Using solely synthetic BIM data for the training, validation, and testing of the model in experiment #1, its testing accuracy stood at 70.62%, and this segmented LSF frame can be seen in Figure 7a. This demonstrates the model’s ability to learn and adapt to the patterns and features inherent in the synthetic BIM data. The consistency and similarity observed within the synthetic BIM dataset showed little discrepancies or inconsistencies, ensuring that the synthetic BIM dataset remains a reliable resource for training. In addition, it also shows potential in other applications of BIM in the AEC industry, including construction coordination [38], planning [39], and decision making [40], especially in cases where there is a lack of information regarding structural elements.

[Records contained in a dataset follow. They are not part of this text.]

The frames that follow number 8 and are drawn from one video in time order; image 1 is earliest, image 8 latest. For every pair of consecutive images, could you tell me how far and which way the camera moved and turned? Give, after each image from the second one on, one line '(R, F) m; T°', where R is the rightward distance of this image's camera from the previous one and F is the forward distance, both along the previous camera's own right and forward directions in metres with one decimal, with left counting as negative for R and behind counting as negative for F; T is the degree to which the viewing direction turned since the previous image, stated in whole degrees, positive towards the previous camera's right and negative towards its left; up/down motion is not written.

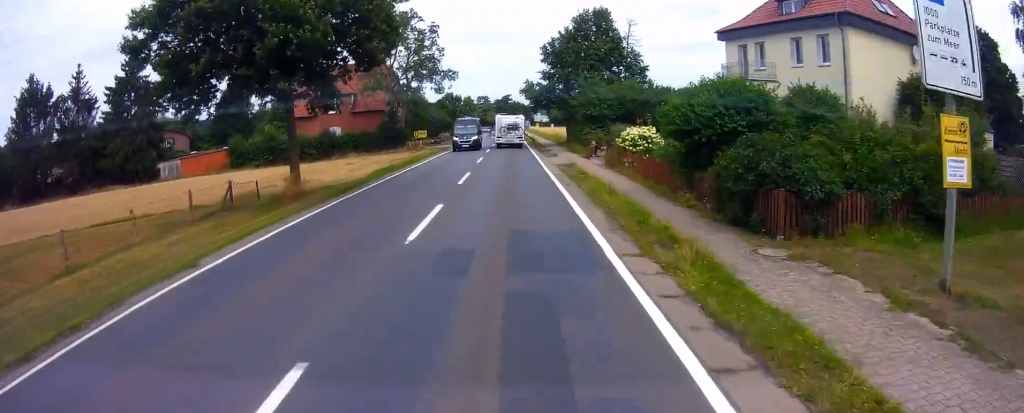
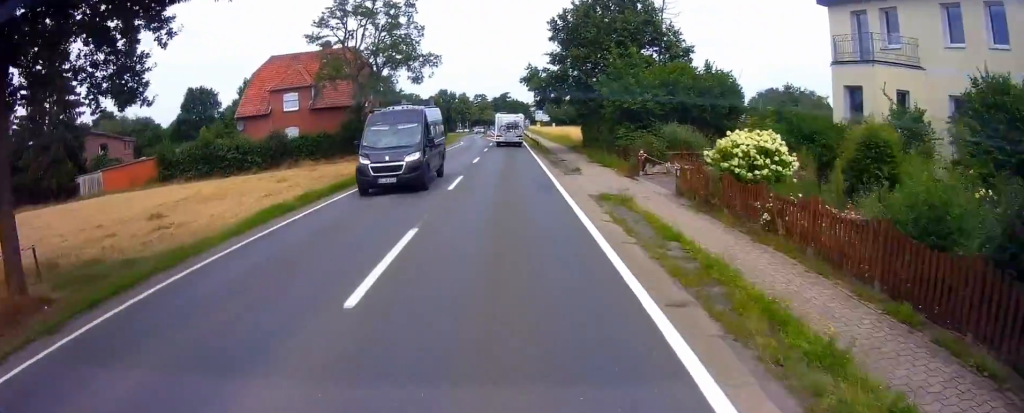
(-0.3, +12.5) m; -1°
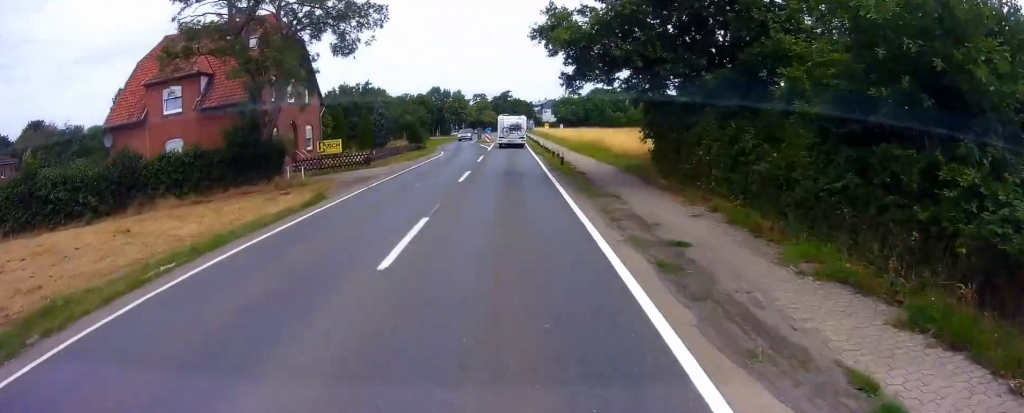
(+0.2, +20.1) m; 0°
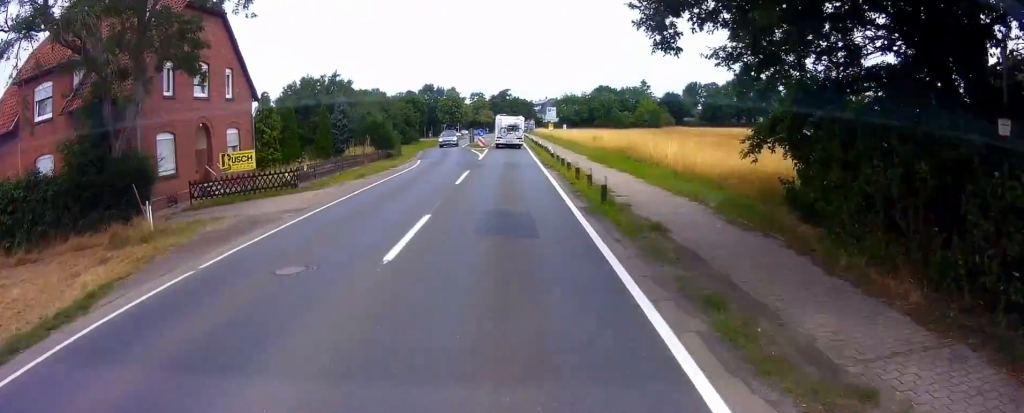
(-0.4, +11.4) m; 0°
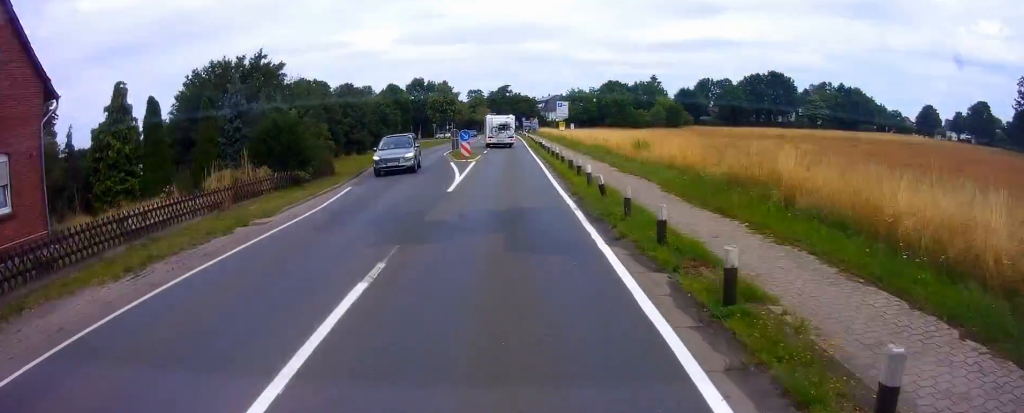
(+0.6, +15.8) m; +2°
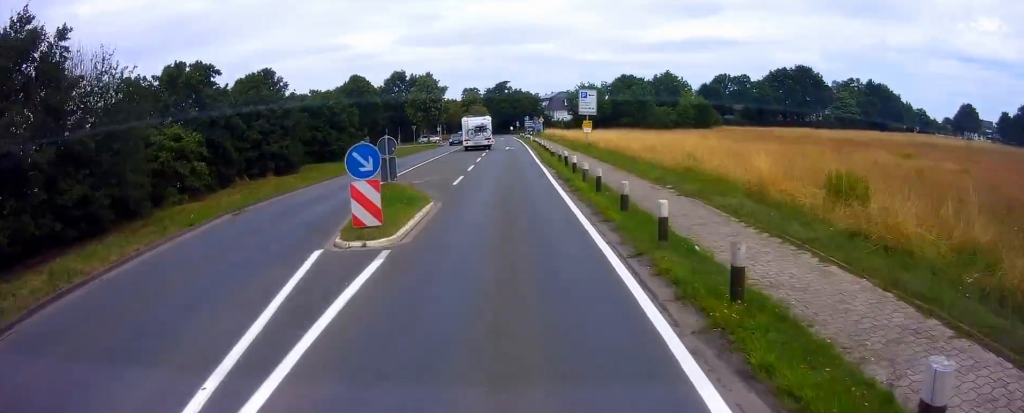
(+0.1, +20.5) m; 0°
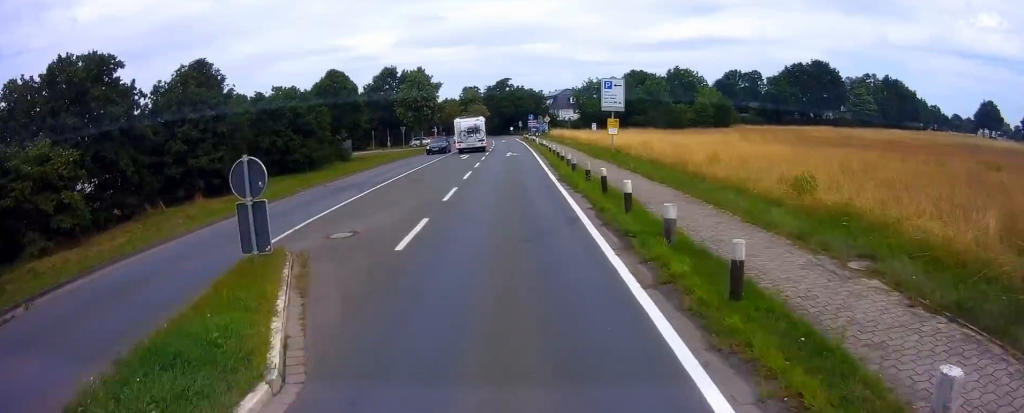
(0.0, +9.4) m; -2°
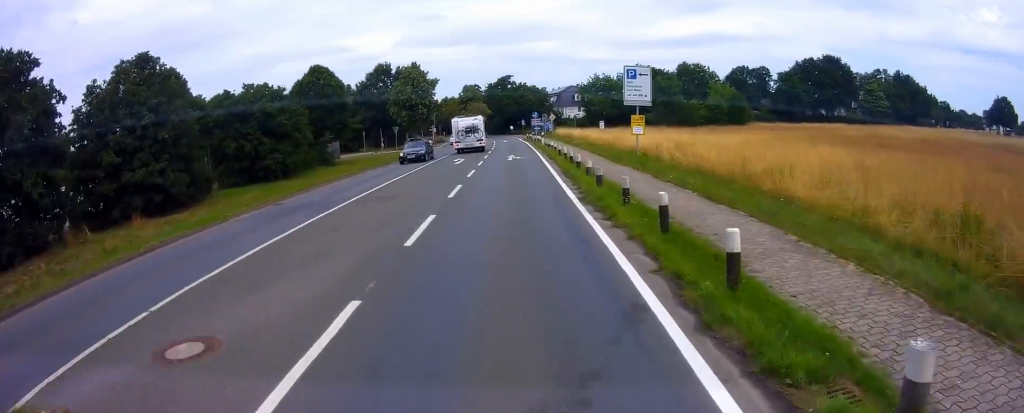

Meanwhile, in experiment #2, we leveraged the synthetic data’s advantages of ease of generation and controlled environments to train our model and segment unseen actual as-built mixed-reality-captured data. As the training data were fully synthetic, there is a disparity between the characteristics of the training and testing dataset. As such, the model’s tested accuracy averages 7.60%, showing the lack of complexities inherent in the as-built data. An example of its segmented LSF frames can be found in Figure 7b. This clearly showed that the model failed to adapt to real-world applications with solely synthetic data. Nevertheless, this does not imply that synthetic data lack the capability to predict actual as-built data; it is simply that the divergence between both datasets, whether the lack of noise in the synthetic dataset or the differences in density and distribution of the point cloud dataset, led to poor model performance.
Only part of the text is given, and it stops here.